■ TASK MATERIAL ■
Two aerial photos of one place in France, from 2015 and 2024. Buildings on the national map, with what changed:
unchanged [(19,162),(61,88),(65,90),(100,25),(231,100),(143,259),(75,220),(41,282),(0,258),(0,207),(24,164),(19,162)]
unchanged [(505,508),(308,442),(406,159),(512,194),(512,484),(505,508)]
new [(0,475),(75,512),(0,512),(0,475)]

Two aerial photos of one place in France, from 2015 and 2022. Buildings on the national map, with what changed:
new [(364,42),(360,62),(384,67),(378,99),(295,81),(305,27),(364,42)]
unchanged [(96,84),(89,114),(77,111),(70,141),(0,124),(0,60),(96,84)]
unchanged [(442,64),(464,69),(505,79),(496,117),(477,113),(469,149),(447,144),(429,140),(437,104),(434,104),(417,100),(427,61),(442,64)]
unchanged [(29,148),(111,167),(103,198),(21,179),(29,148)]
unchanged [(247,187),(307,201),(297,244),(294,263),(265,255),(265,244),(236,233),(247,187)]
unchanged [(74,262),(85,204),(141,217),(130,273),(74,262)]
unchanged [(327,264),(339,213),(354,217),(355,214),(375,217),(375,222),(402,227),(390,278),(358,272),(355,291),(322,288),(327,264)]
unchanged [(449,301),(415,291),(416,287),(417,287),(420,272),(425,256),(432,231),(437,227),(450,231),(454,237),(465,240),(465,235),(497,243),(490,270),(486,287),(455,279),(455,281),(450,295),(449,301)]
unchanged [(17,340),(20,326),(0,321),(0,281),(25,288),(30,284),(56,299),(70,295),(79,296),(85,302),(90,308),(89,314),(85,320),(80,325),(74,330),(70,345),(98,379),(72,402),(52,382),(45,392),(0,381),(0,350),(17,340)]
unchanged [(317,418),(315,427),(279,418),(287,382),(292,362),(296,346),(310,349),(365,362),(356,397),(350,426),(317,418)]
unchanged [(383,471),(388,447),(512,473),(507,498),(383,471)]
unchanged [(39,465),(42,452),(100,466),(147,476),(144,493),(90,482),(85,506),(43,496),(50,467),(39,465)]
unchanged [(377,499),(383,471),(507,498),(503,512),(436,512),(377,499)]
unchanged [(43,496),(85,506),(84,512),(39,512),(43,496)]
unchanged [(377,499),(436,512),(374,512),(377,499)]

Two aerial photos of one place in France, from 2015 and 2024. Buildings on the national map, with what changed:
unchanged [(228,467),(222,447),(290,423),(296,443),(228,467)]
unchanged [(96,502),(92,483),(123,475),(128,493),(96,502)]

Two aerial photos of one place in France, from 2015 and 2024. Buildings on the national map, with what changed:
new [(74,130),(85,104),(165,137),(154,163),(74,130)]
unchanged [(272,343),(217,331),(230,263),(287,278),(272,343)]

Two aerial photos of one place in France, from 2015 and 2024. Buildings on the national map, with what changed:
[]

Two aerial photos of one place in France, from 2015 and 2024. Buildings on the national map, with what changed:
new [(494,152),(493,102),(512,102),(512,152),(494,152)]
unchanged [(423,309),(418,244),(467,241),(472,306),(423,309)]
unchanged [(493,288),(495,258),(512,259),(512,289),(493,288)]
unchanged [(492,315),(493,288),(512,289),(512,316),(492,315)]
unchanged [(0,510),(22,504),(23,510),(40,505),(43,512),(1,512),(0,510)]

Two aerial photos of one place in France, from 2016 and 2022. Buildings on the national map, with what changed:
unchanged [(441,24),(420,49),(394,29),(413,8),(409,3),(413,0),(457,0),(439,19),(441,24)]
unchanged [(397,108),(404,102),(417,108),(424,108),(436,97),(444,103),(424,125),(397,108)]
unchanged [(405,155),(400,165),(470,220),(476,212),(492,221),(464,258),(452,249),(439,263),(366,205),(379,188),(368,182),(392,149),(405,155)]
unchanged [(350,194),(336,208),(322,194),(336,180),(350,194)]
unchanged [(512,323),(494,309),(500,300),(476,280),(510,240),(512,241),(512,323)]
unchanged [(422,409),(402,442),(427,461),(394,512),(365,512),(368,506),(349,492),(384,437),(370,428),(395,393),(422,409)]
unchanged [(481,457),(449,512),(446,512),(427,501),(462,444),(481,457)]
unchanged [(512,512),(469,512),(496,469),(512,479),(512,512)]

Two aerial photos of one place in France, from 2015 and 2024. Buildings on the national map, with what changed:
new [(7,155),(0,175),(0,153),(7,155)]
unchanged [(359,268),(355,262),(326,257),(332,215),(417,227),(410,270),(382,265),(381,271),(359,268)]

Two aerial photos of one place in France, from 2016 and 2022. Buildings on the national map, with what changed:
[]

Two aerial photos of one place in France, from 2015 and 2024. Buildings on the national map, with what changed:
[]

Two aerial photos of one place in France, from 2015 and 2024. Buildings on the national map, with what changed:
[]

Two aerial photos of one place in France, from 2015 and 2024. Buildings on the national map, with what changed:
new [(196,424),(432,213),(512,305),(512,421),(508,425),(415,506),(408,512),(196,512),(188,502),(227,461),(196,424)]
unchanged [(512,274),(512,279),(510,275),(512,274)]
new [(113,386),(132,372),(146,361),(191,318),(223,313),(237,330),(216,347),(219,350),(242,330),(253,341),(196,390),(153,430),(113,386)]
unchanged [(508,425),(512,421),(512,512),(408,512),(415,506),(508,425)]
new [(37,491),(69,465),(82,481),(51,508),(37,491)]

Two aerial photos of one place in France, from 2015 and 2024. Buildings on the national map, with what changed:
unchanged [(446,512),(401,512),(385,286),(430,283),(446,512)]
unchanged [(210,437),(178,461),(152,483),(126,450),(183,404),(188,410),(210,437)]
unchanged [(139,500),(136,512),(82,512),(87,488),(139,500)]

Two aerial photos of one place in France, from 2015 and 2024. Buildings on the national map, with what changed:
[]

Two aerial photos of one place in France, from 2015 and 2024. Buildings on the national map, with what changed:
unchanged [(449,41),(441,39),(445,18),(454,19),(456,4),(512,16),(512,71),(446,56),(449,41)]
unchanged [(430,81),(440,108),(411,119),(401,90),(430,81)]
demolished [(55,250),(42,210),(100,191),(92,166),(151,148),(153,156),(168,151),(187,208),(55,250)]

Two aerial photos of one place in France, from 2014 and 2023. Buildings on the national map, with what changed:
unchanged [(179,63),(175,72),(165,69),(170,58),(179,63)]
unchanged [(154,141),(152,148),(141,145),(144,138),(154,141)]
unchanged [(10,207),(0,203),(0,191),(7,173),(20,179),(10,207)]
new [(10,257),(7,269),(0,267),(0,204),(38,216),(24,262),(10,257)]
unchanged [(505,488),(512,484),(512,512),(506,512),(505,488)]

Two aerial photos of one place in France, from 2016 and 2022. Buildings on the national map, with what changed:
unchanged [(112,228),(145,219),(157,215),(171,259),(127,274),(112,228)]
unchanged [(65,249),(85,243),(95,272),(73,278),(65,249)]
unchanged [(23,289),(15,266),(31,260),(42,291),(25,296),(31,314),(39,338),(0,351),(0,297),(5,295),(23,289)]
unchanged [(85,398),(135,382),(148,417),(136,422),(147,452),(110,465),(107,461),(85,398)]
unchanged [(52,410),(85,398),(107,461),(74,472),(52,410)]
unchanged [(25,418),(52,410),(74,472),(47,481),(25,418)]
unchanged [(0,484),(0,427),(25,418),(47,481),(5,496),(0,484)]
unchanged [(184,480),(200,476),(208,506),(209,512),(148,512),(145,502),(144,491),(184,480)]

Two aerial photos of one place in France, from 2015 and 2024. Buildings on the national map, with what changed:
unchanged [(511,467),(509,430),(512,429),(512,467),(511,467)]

■ WHAT TO PRODUCE ■
Nothing in the listing may be left out; repeat it all exactly.

■ RESPONSE TO THE TASK ■
Two aerial photos of one place in France, from 2015 and 2024. Buildings on the national map, with what changed:
unchanged [(19,162),(61,88),(65,90),(100,25),(231,100),(143,259),(75,220),(41,282),(0,258),(0,207),(24,164),(19,162)]
unchanged [(505,508),(308,442),(406,159),(512,194),(512,484),(505,508)]
new [(0,475),(75,512),(0,512),(0,475)]

Two aerial photos of one place in France, from 2015 and 2022. Buildings on the national map, with what changed:
new [(364,42),(360,62),(384,67),(378,99),(295,81),(305,27),(364,42)]
unchanged [(96,84),(89,114),(77,111),(70,141),(0,124),(0,60),(96,84)]
unchanged [(442,64),(464,69),(505,79),(496,117),(477,113),(469,149),(447,144),(429,140),(437,104),(434,104),(417,100),(427,61),(442,64)]
unchanged [(29,148),(111,167),(103,198),(21,179),(29,148)]
unchanged [(247,187),(307,201),(297,244),(294,263),(265,255),(265,244),(236,233),(247,187)]
unchanged [(74,262),(85,204),(141,217),(130,273),(74,262)]
unchanged [(327,264),(339,213),(354,217),(355,214),(375,217),(375,222),(402,227),(390,278),(358,272),(355,291),(322,288),(327,264)]
unchanged [(449,301),(415,291),(416,287),(417,287),(420,272),(425,256),(432,231),(437,227),(450,231),(454,237),(465,240),(465,235),(497,243),(490,270),(486,287),(455,279),(455,281),(450,295),(449,301)]
unchanged [(17,340),(20,326),(0,321),(0,281),(25,288),(30,284),(56,299),(70,295),(79,296),(85,302),(90,308),(89,314),(85,320),(80,325),(74,330),(70,345),(98,379),(72,402),(52,382),(45,392),(0,381),(0,350),(17,340)]
unchanged [(317,418),(315,427),(279,418),(287,382),(292,362),(296,346),(310,349),(365,362),(356,397),(350,426),(317,418)]
unchanged [(383,471),(388,447),(512,473),(507,498),(383,471)]
unchanged [(39,465),(42,452),(100,466),(147,476),(144,493),(90,482),(85,506),(43,496),(50,467),(39,465)]
unchanged [(377,499),(383,471),(507,498),(503,512),(436,512),(377,499)]
unchanged [(43,496),(85,506),(84,512),(39,512),(43,496)]
unchanged [(377,499),(436,512),(374,512),(377,499)]

Two aerial photos of one place in France, from 2015 and 2024. Buildings on the national map, with what changed:
unchanged [(228,467),(222,447),(290,423),(296,443),(228,467)]
unchanged [(96,502),(92,483),(123,475),(128,493),(96,502)]

Two aerial photos of one place in France, from 2015 and 2024. Buildings on the national map, with what changed:
new [(74,130),(85,104),(165,137),(154,163),(74,130)]
unchanged [(272,343),(217,331),(230,263),(287,278),(272,343)]

Two aerial photos of one place in France, from 2015 and 2024. Buildings on the national map, with what changed:
[]

Two aerial photos of one place in France, from 2015 and 2024. Buildings on the national map, with what changed:
new [(494,152),(493,102),(512,102),(512,152),(494,152)]
unchanged [(423,309),(418,244),(467,241),(472,306),(423,309)]
unchanged [(493,288),(495,258),(512,259),(512,289),(493,288)]
unchanged [(492,315),(493,288),(512,289),(512,316),(492,315)]
unchanged [(0,510),(22,504),(23,510),(40,505),(43,512),(1,512),(0,510)]

Two aerial photos of one place in France, from 2016 and 2022. Buildings on the national map, with what changed:
unchanged [(441,24),(420,49),(394,29),(413,8),(409,3),(413,0),(457,0),(439,19),(441,24)]
unchanged [(397,108),(404,102),(417,108),(424,108),(436,97),(444,103),(424,125),(397,108)]
unchanged [(405,155),(400,165),(470,220),(476,212),(492,221),(464,258),(452,249),(439,263),(366,205),(379,188),(368,182),(392,149),(405,155)]
unchanged [(350,194),(336,208),(322,194),(336,180),(350,194)]
unchanged [(512,323),(494,309),(500,300),(476,280),(510,240),(512,241),(512,323)]
unchanged [(422,409),(402,442),(427,461),(394,512),(365,512),(368,506),(349,492),(384,437),(370,428),(395,393),(422,409)]
unchanged [(481,457),(449,512),(446,512),(427,501),(462,444),(481,457)]
unchanged [(512,512),(469,512),(496,469),(512,479),(512,512)]

Two aerial photos of one place in France, from 2015 and 2024. Buildings on the national map, with what changed:
new [(7,155),(0,175),(0,153),(7,155)]
unchanged [(359,268),(355,262),(326,257),(332,215),(417,227),(410,270),(382,265),(381,271),(359,268)]

Two aerial photos of one place in France, from 2016 and 2022. Buildings on the national map, with what changed:
[]

Two aerial photos of one place in France, from 2015 and 2024. Buildings on the national map, with what changed:
[]

Two aerial photos of one place in France, from 2015 and 2024. Buildings on the national map, with what changed:
[]

Two aerial photos of one place in France, from 2015 and 2024. Buildings on the national map, with what changed:
new [(196,424),(432,213),(512,305),(512,421),(508,425),(415,506),(408,512),(196,512),(188,502),(227,461),(196,424)]
unchanged [(512,274),(512,279),(510,275),(512,274)]
new [(113,386),(132,372),(146,361),(191,318),(223,313),(237,330),(216,347),(219,350),(242,330),(253,341),(196,390),(153,430),(113,386)]
unchanged [(508,425),(512,421),(512,512),(408,512),(415,506),(508,425)]
new [(37,491),(69,465),(82,481),(51,508),(37,491)]

Two aerial photos of one place in France, from 2015 and 2024. Buildings on the national map, with what changed:
unchanged [(446,512),(401,512),(385,286),(430,283),(446,512)]
unchanged [(210,437),(178,461),(152,483),(126,450),(183,404),(188,410),(210,437)]
unchanged [(139,500),(136,512),(82,512),(87,488),(139,500)]

Two aerial photos of one place in France, from 2015 and 2024. Buildings on the national map, with what changed:
[]

Two aerial photos of one place in France, from 2015 and 2024. Buildings on the national map, with what changed:
unchanged [(449,41),(441,39),(445,18),(454,19),(456,4),(512,16),(512,71),(446,56),(449,41)]
unchanged [(430,81),(440,108),(411,119),(401,90),(430,81)]
demolished [(55,250),(42,210),(100,191),(92,166),(151,148),(153,156),(168,151),(187,208),(55,250)]

Two aerial photos of one place in France, from 2014 and 2023. Buildings on the national map, with what changed:
unchanged [(179,63),(175,72),(165,69),(170,58),(179,63)]
unchanged [(154,141),(152,148),(141,145),(144,138),(154,141)]
unchanged [(10,207),(0,203),(0,191),(7,173),(20,179),(10,207)]
new [(10,257),(7,269),(0,267),(0,204),(38,216),(24,262),(10,257)]
unchanged [(505,488),(512,484),(512,512),(506,512),(505,488)]

Two aerial photos of one place in France, from 2016 and 2022. Buildings on the national map, with what changed:
unchanged [(112,228),(145,219),(157,215),(171,259),(127,274),(112,228)]
unchanged [(65,249),(85,243),(95,272),(73,278),(65,249)]
unchanged [(23,289),(15,266),(31,260),(42,291),(25,296),(31,314),(39,338),(0,351),(0,297),(5,295),(23,289)]
unchanged [(85,398),(135,382),(148,417),(136,422),(147,452),(110,465),(107,461),(85,398)]
unchanged [(52,410),(85,398),(107,461),(74,472),(52,410)]
unchanged [(25,418),(52,410),(74,472),(47,481),(25,418)]
unchanged [(0,484),(0,427),(25,418),(47,481),(5,496),(0,484)]
unchanged [(184,480),(200,476),(208,506),(209,512),(148,512),(145,502),(144,491),(184,480)]

Two aerial photos of one place in France, from 2015 and 2024. Buildings on the national map, with what changed:
unchanged [(511,467),(509,430),(512,429),(512,467),(511,467)]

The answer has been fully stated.